Zahi A. Fayad, PhD and Esad Vucic, MD

From the Translational and Molecular Imaging Institute, Mount Sinai School of Medicine, New York, NY.

Correspondence to Zahi A. Fayad, PhD, Translational and Molecular Imaging Institute, Mount Sinai School of Medicine, One Gustave L. Levy Place, Box 1234, New York, NY 10029. Email zahi.fayad@mssm.edu

Key Words: arteriosclerosis • imaging • plaque • radioisotopes

An extract of the first 250 words of the full text is provided, because this article has no abstract.
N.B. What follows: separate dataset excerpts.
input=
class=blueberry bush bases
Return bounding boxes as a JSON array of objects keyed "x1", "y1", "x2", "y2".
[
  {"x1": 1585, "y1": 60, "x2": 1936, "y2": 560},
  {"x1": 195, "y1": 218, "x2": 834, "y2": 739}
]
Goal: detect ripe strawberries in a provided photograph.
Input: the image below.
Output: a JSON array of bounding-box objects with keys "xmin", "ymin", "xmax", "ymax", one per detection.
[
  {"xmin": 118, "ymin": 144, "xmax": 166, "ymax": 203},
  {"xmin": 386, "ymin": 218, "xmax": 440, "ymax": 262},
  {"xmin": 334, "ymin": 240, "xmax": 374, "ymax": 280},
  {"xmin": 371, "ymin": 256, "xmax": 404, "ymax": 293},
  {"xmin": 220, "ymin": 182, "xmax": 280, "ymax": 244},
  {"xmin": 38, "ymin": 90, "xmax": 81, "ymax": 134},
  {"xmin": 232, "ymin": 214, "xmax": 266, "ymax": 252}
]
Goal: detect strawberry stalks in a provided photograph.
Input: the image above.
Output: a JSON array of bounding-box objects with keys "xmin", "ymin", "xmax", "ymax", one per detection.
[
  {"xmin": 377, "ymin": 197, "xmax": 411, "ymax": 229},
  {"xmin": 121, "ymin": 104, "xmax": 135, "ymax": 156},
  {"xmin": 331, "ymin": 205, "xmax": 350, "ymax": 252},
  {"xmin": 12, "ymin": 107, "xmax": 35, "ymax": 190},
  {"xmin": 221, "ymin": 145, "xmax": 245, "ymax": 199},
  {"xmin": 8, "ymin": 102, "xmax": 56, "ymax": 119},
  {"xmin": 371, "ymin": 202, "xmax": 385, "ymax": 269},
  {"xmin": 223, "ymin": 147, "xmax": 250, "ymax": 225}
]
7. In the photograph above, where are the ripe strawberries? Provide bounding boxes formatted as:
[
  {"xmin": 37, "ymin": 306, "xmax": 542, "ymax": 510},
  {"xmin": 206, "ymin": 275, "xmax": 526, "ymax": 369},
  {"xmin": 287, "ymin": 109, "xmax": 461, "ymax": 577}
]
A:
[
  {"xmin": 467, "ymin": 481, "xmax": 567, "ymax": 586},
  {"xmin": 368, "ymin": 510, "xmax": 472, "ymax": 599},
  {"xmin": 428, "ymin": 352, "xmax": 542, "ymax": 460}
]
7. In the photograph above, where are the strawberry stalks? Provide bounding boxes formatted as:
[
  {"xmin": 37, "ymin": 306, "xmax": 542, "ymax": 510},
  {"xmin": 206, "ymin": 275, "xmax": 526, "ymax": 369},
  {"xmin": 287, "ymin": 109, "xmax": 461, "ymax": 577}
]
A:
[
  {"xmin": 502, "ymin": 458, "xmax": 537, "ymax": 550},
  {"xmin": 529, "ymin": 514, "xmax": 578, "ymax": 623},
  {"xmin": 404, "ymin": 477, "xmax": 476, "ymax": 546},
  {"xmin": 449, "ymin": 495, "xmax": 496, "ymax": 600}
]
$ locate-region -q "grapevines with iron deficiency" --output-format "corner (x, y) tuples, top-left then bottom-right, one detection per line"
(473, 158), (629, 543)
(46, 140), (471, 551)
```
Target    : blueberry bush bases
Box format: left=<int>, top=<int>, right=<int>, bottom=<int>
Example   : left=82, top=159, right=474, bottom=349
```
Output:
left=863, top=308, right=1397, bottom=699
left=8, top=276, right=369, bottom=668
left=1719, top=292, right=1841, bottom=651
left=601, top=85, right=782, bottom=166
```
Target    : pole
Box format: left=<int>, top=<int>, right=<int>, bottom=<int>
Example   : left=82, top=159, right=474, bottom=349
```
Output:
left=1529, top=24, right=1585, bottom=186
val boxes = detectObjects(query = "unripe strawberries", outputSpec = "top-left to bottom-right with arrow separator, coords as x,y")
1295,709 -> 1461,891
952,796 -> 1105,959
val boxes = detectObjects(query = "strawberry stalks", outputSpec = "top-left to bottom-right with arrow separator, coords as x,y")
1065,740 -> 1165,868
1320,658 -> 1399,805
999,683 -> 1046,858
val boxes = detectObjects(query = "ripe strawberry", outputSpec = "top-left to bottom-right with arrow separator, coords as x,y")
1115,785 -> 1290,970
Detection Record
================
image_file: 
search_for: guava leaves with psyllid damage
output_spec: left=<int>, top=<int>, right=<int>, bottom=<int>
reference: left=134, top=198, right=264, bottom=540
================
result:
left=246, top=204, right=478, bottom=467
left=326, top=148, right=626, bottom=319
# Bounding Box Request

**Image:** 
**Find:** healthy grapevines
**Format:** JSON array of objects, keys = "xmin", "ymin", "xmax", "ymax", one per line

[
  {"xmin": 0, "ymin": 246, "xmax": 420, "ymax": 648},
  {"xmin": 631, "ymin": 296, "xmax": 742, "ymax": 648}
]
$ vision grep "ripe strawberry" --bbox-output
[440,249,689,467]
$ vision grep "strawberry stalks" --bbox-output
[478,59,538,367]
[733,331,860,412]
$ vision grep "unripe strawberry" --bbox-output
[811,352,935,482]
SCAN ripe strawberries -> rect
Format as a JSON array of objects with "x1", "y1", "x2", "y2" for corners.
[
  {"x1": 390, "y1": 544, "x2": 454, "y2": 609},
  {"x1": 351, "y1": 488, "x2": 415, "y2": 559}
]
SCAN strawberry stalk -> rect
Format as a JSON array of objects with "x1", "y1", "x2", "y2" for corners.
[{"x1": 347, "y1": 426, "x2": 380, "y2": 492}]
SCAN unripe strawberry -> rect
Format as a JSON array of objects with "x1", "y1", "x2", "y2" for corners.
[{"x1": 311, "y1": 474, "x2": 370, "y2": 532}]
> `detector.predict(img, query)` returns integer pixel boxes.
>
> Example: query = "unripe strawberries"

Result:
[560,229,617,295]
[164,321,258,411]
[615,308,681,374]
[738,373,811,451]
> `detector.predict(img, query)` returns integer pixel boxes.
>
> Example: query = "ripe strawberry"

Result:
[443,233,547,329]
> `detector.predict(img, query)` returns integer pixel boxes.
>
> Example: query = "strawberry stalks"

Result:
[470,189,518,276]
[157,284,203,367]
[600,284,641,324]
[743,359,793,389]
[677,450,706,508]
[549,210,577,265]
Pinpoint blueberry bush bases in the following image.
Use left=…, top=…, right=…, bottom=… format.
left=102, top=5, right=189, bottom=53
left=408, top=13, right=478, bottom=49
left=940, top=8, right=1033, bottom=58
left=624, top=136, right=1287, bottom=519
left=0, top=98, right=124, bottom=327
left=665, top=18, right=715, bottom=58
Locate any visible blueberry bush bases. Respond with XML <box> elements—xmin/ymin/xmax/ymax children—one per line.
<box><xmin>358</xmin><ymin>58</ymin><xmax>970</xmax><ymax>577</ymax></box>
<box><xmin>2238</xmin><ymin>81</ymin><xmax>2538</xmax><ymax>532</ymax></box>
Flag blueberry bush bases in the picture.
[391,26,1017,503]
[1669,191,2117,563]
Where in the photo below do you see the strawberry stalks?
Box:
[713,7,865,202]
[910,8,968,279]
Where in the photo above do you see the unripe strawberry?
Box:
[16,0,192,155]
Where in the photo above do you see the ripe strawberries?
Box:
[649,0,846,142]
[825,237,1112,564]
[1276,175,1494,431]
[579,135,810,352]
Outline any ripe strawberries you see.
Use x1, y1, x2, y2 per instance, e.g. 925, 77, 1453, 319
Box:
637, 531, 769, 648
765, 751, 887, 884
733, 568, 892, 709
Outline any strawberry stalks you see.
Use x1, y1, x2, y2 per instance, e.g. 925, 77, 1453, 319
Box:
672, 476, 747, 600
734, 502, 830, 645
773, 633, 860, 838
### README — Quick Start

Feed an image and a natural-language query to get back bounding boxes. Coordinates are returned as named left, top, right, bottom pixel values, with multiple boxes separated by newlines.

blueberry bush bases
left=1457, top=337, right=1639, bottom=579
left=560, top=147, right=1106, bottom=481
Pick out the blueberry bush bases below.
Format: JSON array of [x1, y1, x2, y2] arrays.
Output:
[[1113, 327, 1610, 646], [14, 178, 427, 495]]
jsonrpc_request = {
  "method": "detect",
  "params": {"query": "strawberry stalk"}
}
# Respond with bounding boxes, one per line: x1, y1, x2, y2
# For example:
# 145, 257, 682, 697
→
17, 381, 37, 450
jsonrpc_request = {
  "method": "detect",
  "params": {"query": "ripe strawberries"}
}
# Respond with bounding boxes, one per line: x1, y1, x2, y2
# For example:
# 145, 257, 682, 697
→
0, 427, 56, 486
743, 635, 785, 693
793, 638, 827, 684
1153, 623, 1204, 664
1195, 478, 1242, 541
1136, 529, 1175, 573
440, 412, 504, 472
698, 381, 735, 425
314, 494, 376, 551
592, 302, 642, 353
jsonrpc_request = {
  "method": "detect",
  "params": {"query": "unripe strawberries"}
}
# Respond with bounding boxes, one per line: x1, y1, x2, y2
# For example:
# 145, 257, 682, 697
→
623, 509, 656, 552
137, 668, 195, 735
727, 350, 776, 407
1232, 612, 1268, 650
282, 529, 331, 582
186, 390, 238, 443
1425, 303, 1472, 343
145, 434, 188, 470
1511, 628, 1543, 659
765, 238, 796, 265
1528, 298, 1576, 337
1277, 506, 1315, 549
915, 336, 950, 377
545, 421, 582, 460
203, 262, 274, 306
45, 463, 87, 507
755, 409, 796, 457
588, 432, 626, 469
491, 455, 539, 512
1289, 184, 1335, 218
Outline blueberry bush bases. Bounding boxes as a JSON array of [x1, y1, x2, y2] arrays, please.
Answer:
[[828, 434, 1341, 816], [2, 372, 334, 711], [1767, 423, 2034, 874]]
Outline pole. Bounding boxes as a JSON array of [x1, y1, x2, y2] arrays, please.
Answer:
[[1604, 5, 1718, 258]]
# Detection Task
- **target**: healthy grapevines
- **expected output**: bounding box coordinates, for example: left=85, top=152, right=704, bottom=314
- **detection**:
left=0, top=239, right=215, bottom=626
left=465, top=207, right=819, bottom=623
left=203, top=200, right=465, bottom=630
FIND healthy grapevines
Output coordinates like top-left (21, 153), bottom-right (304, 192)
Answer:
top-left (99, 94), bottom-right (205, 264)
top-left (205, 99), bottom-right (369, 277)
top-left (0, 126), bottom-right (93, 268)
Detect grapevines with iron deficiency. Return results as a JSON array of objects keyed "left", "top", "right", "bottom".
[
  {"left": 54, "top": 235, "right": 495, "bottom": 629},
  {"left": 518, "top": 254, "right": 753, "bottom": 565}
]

Molecular imaging can be broadly defined as the in vivo characterization and measurement of biological processes at the cellular and molecular level.¹ In this context, the noninvasive detection of molecular signatures of disease entities using molecular imaging holds great promise for the development of personalized medicine and drug development.^2,3 One of the first clinically validated and useful tomographic molecular imaging techniques was implemented in the field of oncology, with the use of [¹⁸F]fluoro-2-deoxy-D-glucose (FDG) positron-emission tomography (PET) and, more recently, that of FDG PET/computed tomography (CT) in cancer diagnosis and management. Although traditionally the primary focus has been on cancer biology, molecular imaging techniques have been expanded into the field of cardiovascular disease for a wide variety of clinically important entities.⁴ Especially, the molecular imaging of atherosclerosis has gained much attention.

Article see p 212

One major focus of molecular imaging of atherosclerosis is the detection of vessel wall inflammation and associated atherosclerotic plaque vulnerability. Conventional imaging modalities, such as x-ray angiography, can precisely define the artery lumen but do not provide any additional information about plaque composition or its grade of inflammation and associated risk of rupture. The accurate determination of the plaque inflammatory state might permit more precise patient risk stratification, better monitoring of therapy response, and rapid evaluation of novel therapeutic drugs by serial imaging. Historically, radionuclide conjugated antibodies were one of the earliest methods applied for the detection of biologically relevant molecules or epitopes in molecular imaging of cardiovascular disease.⁵ These initial approaches were refined . . . [Full Text of this Article]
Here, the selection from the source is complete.